Five teachers net over €150k each in pension payouts

Five secondary school teachers last year received lump sums of between €150,000 and €200,000 in a pensions bonanza.

Five teachers net over   €150k  each in pension  payouts

Figures provided by the Department of Education in response to a Freedom of Information request show one retired teacher received a lump sum of €165,974.

The tax-free sum was the top amount paid out to a retiring teacher in the primary and post-primary sector last year — the highest amount received by a primary school teacher was €143,672.

The exodus of primary and secondary school teachers from the public service in 2012, when total lump sums came to €172.36m, slowed last year to €79.3m — a drop of 54%.

Primary teachers got payments totalling €43.97m compared to €97.6m in 2012, with their secondary school counterparts receiving €35.33m compared to €74.73m the previous year.

Retiring teachers and principals are entitled to 1.5 times their salary in a tax-free lump sum: 121 retiring secondary teachers got between €100,000 and €150,000 last year, with 216 receiving between €50,000 and €100,000.

In the primary sector, 175 teachers got between €100,000 and €150,000, with 250 receiving €50,000-€100,000.

The top 20 in the secondary sector shared €2.923m, with the top 20 primary teachers receiving an aggregate €2.66m.

The lump sum payments are dwarfed by pension payments to retired teachers that keep on mounting.

In 2012, pension payments — excluding lump sum payments — totalling €398.8m were made to 13,400 retired primary school teachers.

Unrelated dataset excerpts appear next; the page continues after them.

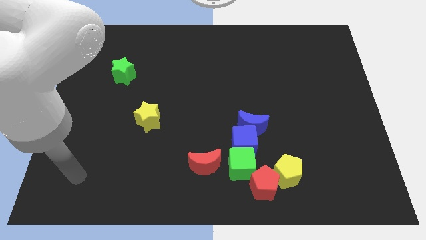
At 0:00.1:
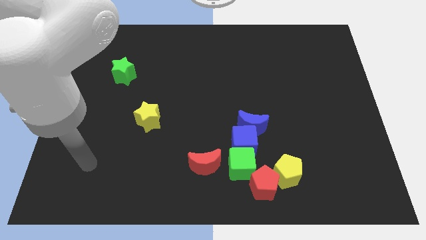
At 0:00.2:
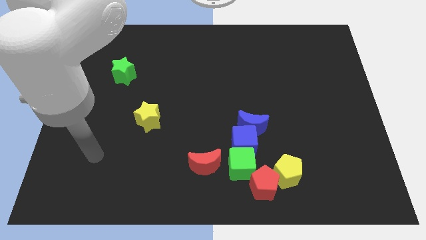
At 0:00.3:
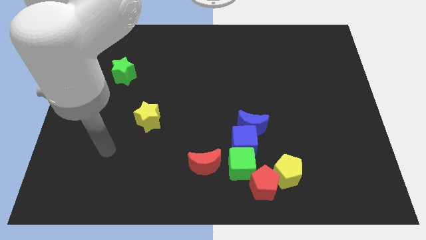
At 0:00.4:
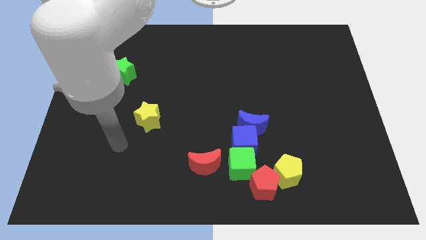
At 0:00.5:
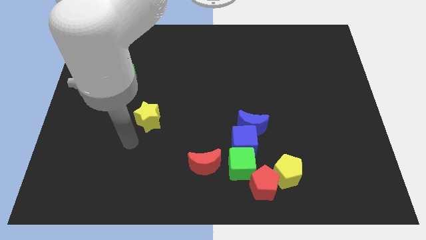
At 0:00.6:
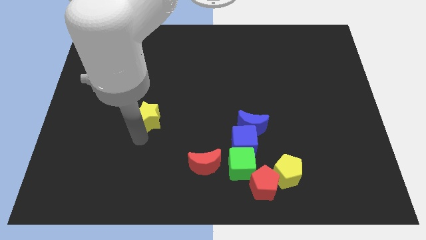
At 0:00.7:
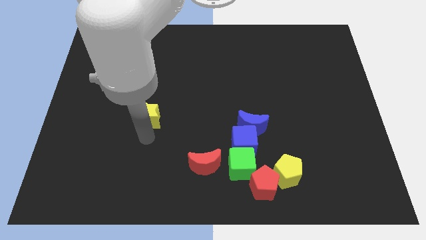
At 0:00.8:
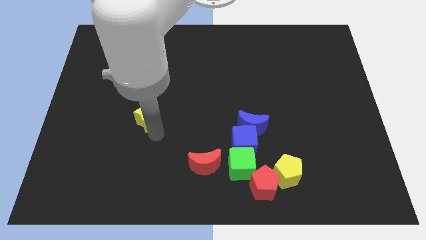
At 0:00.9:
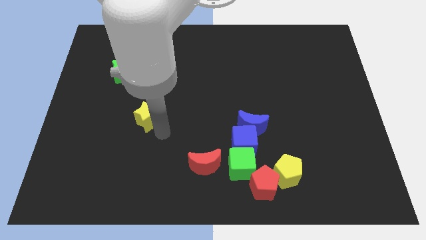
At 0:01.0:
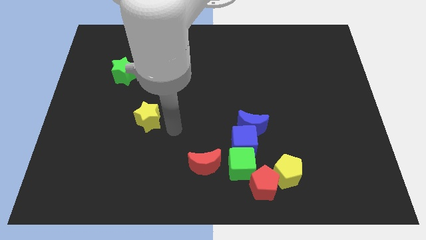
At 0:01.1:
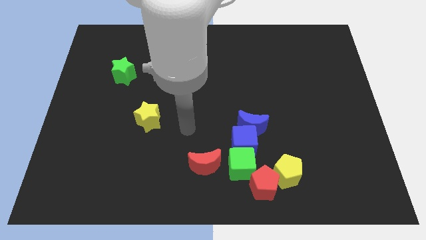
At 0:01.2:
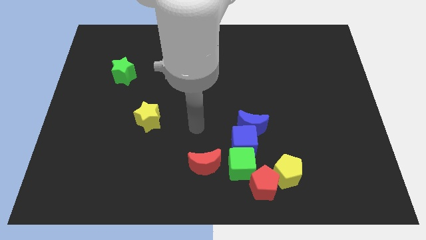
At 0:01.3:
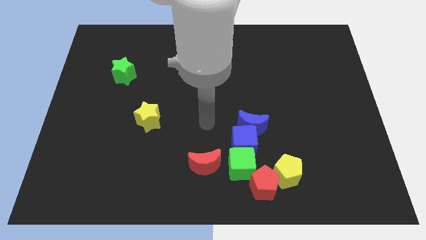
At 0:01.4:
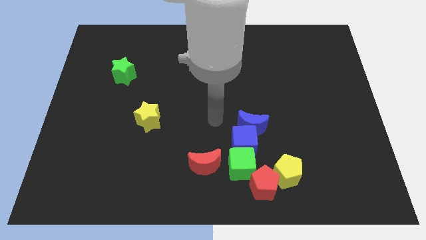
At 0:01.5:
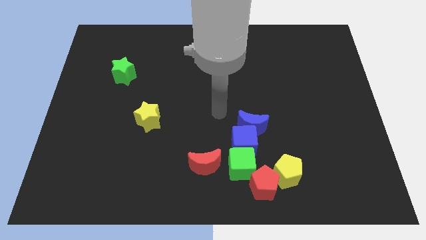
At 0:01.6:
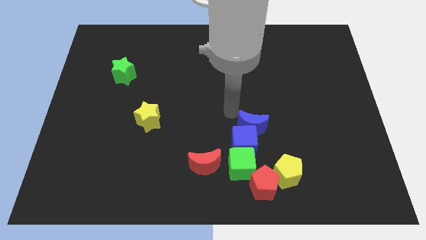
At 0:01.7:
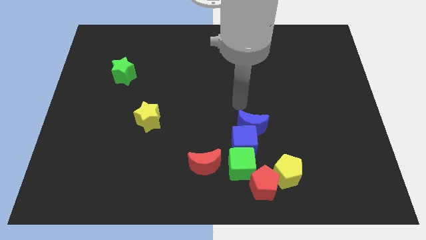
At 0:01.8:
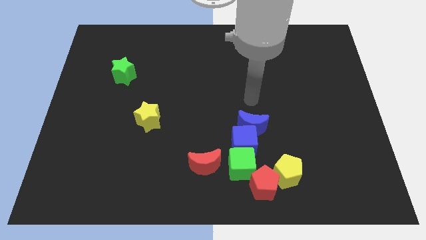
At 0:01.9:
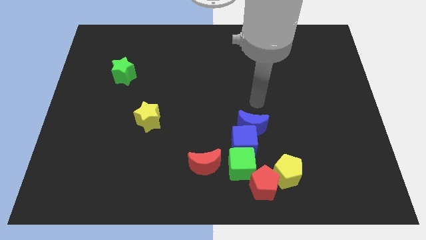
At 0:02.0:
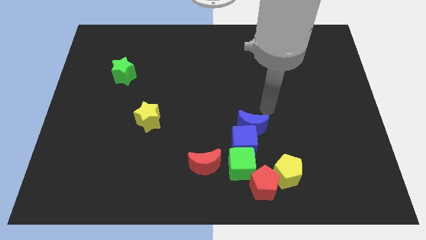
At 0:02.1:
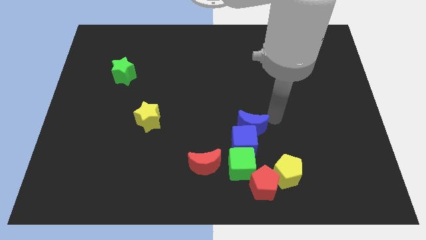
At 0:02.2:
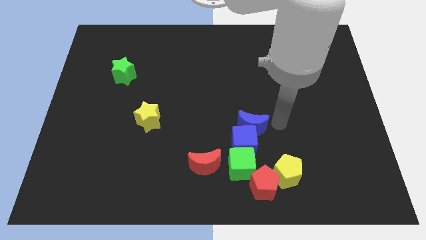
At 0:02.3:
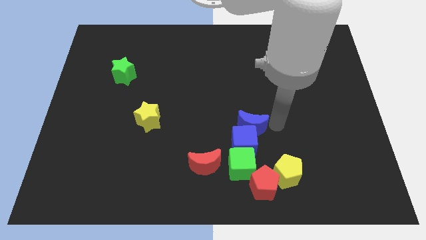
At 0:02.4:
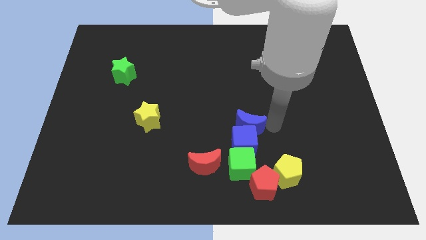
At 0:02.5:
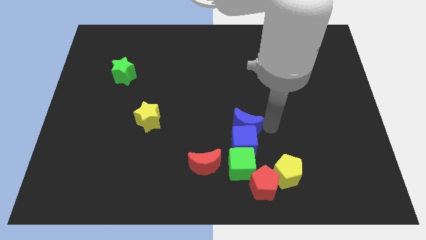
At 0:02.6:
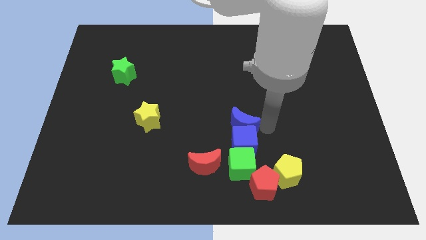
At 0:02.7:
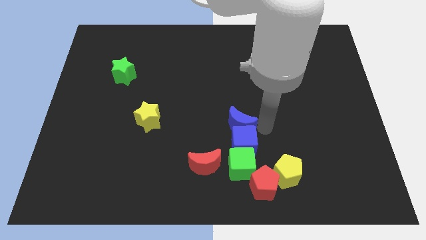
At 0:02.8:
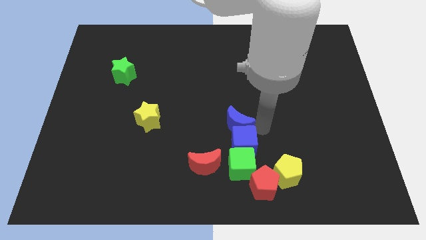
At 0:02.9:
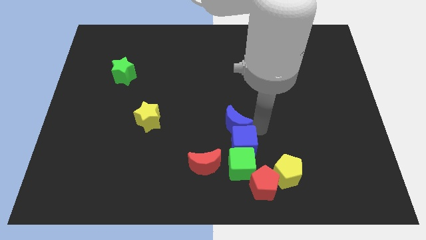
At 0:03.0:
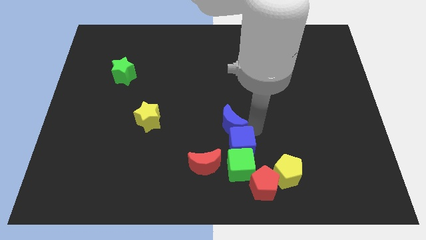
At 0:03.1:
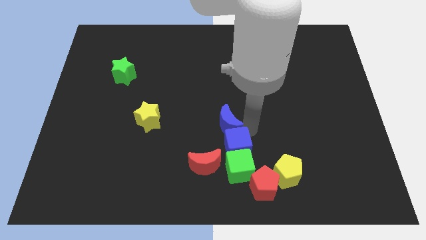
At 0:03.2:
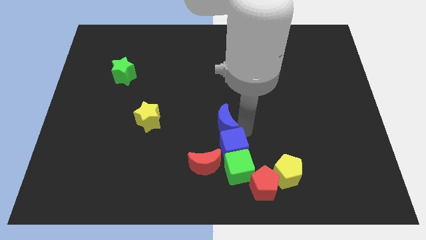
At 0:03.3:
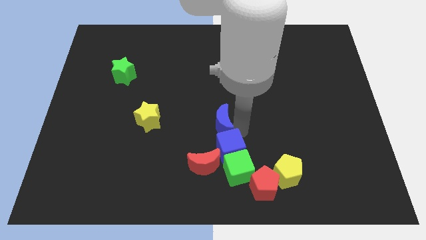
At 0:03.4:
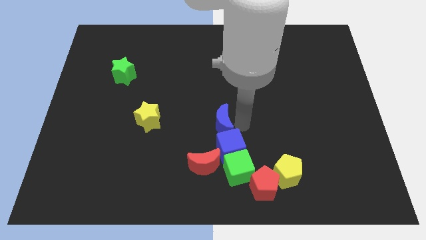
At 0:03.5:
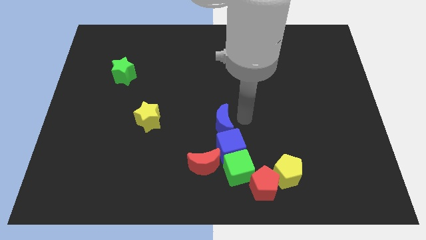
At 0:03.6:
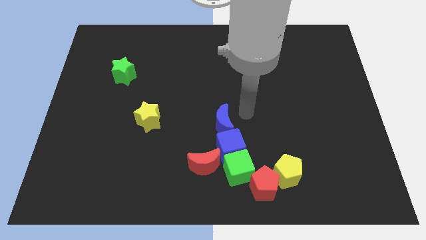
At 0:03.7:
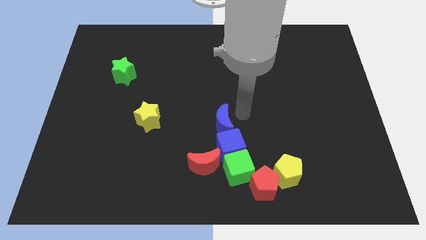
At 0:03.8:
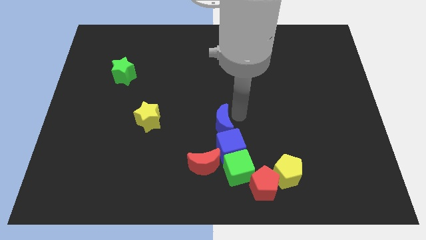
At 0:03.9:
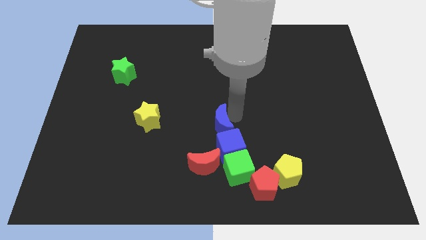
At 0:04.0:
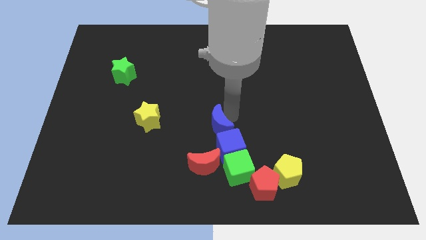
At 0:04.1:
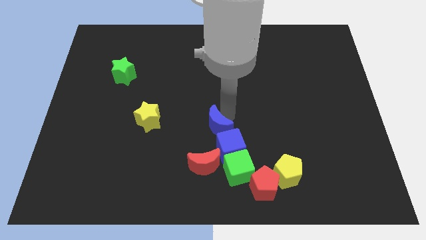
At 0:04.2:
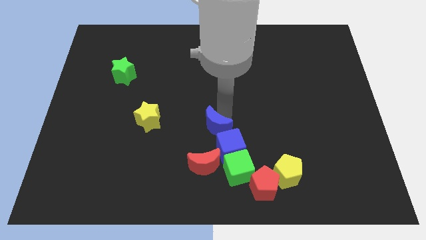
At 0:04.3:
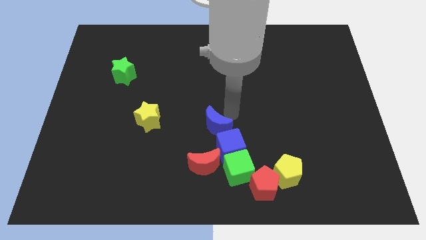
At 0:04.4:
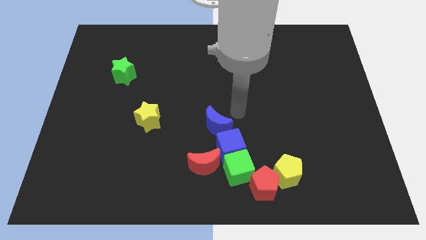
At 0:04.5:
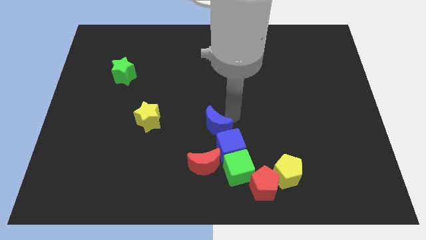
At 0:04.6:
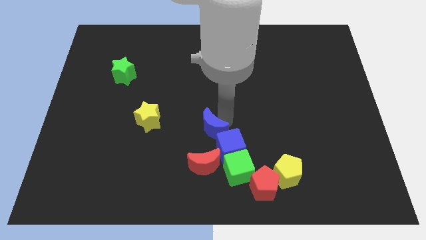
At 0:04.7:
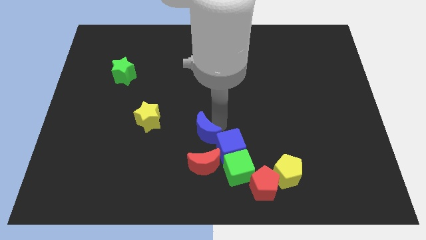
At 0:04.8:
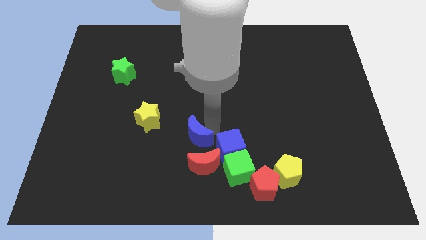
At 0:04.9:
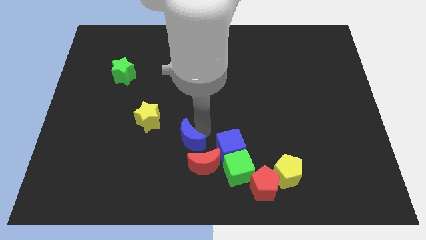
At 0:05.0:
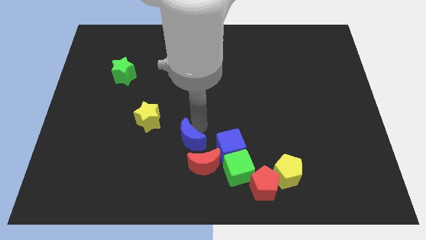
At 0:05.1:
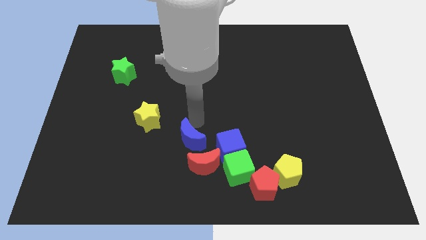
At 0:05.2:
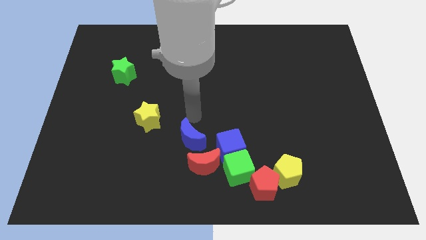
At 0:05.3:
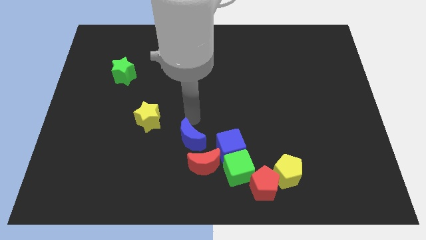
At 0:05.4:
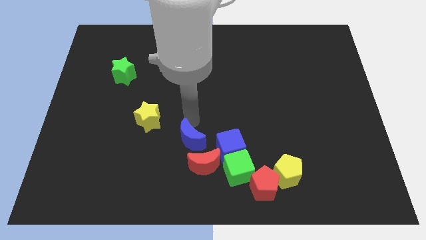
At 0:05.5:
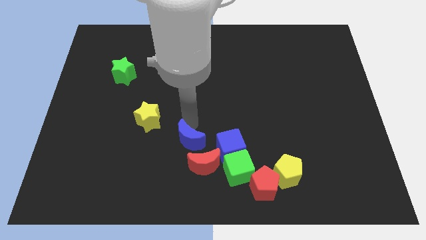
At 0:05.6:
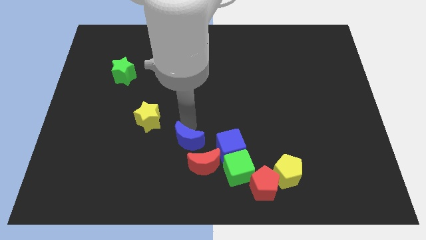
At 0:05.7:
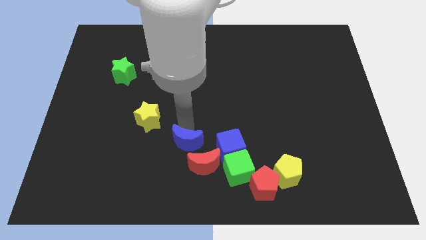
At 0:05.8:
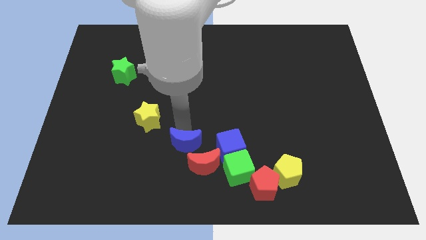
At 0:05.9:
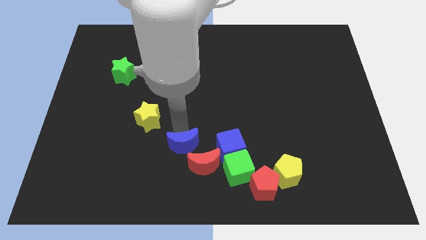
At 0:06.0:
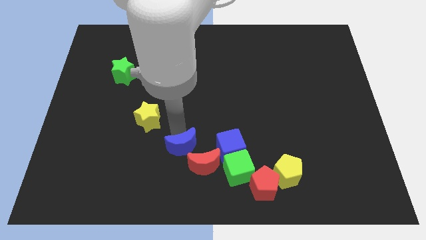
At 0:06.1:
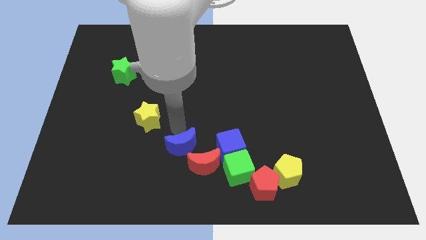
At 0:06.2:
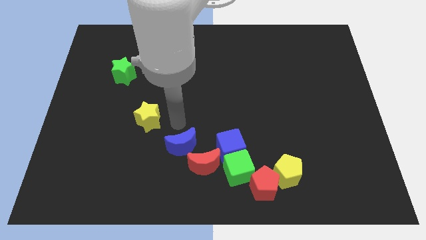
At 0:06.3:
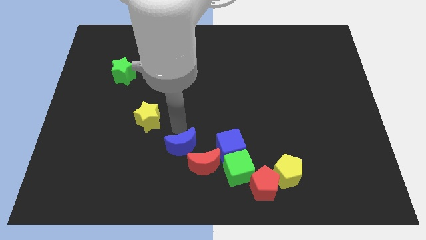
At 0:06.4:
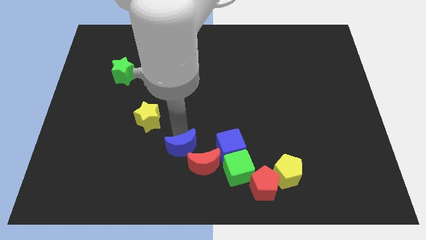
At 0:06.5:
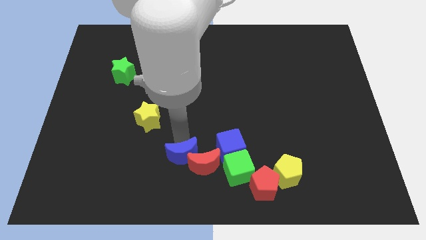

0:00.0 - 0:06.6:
move the blue moon to the left side of the green cube

This rose to €414.9m for 13,710 retired teachers last year.

In the post-primary sector, pension payments — excluding lump sums — of €285.86m were made to 9,719 teachers in 2012, increasing to €298.8m for 10,005 retired teachers last year.

Isme chief executive Mark Fielding, said the lump sum payments “are another example of Ireland’s real golden circle”.

He said: “Private sector employees can only stand and wonder at the riches in the parallel universe that is the public sector.

“Owners of SMEs, struggling to cut costs and create jobs, are horrified by the comparisons being cited on wages, perks, and entitlements of public servants. At the starting scales we compete with an over-generous welfare system and at middle and top end we compete with public sector affluence.

“No wonder ordinary people talk about a time when public servants served the public and the government, rather than the government allowing them to become self-serving.

Irish National Teachers Organisation president Sean McMahon dismissed the claim that teachers are part of a public sector golden circle.

“Teachers are ordinary members of society who have suffered quite a lot with the demise of the Celtic Tiger,” he said.

The group’s national executive member, Pat Crowe, said the terms of public pensions have gradually got worse over the last number of years, “while private sector pensions have been absolutely gutted”.